### Provided data:
● ● ● ● ● ● ●
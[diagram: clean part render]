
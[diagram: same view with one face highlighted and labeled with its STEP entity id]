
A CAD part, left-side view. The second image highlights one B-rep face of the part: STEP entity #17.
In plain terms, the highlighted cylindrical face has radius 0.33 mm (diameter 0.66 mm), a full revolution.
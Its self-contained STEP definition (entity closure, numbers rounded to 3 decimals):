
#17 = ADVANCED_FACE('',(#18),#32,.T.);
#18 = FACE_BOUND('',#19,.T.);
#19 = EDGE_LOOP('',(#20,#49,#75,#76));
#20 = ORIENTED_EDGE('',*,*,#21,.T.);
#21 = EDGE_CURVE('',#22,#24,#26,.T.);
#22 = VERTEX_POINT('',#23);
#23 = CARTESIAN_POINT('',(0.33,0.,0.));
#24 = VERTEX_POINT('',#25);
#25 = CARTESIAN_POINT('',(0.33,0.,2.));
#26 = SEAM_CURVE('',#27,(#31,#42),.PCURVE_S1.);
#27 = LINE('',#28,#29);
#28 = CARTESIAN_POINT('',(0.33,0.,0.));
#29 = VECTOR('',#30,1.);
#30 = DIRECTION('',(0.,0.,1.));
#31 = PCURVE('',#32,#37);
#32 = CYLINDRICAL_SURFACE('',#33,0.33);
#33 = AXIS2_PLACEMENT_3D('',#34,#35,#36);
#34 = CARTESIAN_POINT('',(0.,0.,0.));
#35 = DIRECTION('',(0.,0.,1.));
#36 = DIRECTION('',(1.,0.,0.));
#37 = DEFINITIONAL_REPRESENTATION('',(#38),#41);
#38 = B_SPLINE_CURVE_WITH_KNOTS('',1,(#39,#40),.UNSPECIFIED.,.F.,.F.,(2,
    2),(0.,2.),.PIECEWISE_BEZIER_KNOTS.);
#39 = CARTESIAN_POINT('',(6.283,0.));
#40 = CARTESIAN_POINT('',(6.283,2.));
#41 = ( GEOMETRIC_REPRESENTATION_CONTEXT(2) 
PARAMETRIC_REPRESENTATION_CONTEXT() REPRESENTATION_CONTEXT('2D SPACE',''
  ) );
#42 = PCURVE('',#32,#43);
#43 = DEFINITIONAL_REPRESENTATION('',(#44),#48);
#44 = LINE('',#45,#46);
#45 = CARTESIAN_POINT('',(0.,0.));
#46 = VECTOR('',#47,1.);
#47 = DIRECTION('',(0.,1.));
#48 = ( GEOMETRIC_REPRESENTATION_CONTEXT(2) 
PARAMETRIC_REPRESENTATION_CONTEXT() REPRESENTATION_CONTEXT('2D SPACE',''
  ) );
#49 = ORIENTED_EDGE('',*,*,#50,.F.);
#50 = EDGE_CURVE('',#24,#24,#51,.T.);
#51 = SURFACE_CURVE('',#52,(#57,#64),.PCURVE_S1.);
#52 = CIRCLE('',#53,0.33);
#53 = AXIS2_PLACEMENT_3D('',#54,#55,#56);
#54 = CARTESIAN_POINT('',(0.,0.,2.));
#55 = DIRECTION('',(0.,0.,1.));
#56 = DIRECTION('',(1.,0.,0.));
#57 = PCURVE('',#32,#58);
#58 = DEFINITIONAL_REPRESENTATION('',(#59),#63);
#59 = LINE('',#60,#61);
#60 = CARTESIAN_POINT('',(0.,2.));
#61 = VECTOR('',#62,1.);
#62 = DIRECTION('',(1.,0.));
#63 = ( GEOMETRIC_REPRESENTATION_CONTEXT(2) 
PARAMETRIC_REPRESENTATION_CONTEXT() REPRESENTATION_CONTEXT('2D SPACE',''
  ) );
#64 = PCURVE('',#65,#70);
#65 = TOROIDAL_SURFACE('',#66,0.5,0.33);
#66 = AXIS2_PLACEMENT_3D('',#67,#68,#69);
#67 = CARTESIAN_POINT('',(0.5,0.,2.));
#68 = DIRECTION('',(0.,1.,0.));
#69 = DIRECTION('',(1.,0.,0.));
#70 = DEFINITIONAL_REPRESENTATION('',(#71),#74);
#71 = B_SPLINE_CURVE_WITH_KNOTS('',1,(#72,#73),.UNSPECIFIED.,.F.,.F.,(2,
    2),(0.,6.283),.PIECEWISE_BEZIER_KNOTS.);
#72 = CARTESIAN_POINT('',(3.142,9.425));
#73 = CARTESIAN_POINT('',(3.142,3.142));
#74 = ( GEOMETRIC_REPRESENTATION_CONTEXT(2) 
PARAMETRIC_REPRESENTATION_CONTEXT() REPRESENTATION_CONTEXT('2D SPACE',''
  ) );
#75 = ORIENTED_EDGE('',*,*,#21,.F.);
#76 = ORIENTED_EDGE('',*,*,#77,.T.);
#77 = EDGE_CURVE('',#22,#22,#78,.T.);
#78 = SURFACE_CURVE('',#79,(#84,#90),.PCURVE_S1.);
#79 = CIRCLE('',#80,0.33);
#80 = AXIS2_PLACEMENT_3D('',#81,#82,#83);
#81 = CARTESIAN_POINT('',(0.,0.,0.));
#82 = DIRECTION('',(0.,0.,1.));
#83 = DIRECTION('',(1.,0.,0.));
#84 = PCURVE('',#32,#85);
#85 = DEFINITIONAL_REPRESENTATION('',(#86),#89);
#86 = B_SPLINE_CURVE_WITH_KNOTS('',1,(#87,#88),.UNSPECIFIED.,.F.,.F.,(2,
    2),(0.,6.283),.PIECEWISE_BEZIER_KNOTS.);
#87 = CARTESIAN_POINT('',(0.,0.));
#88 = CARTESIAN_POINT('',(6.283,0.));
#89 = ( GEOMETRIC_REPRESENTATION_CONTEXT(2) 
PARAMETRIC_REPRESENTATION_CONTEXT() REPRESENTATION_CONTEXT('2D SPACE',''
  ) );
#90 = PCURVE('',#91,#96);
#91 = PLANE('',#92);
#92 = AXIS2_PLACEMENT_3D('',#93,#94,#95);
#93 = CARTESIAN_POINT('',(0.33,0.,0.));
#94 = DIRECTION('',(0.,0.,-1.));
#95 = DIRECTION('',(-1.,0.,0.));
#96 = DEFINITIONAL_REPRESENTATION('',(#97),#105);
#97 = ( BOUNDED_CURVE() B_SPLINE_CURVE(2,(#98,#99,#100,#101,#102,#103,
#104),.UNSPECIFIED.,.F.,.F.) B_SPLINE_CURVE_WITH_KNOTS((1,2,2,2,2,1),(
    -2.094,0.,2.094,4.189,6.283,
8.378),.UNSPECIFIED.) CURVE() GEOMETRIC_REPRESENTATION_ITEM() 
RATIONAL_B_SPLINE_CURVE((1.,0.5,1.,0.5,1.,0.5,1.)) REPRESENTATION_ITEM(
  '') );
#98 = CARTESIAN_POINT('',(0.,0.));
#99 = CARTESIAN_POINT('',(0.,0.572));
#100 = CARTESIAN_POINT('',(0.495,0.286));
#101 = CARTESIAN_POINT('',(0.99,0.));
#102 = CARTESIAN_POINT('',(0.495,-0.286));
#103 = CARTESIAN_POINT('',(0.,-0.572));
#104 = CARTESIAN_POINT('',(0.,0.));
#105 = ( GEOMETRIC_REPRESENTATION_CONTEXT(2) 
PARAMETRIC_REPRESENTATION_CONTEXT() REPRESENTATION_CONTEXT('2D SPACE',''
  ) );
● ● ● ● ● ● ●
### Problem details:
Output the data exactly, from the first line through the line that holds "#21 = EDGE_CURVE('',#22,#24,#26,.T.);", so that no later line appears.

### Answer for this exercise:
[diagram: clean part render]
[diagram: same view with one face highlighted and labeled with its STEP entity id]
A CAD part, left-side view. The second image highlights one B-rep face of the part: STEP entity #17.
In plain terms, the highlighted cylindrical face has radius 0.33 mm (diameter 0.66 mm), a full revolution.
Its self-contained STEP definition (entity closure, numbers rounded to 3 decimals):
#17 = ADVANCED_FACE('',(#18),#32,.T.);
#18 = FACE_BOUND('',#19,.T.);
#19 = EDGE_LOOP('',(#20,#49,#75,#76));
#20 = ORIENTED_EDGE('',*,*,#21,.T.);
#21 = EDGE_CURVE('',#22,#24,#26,.T.);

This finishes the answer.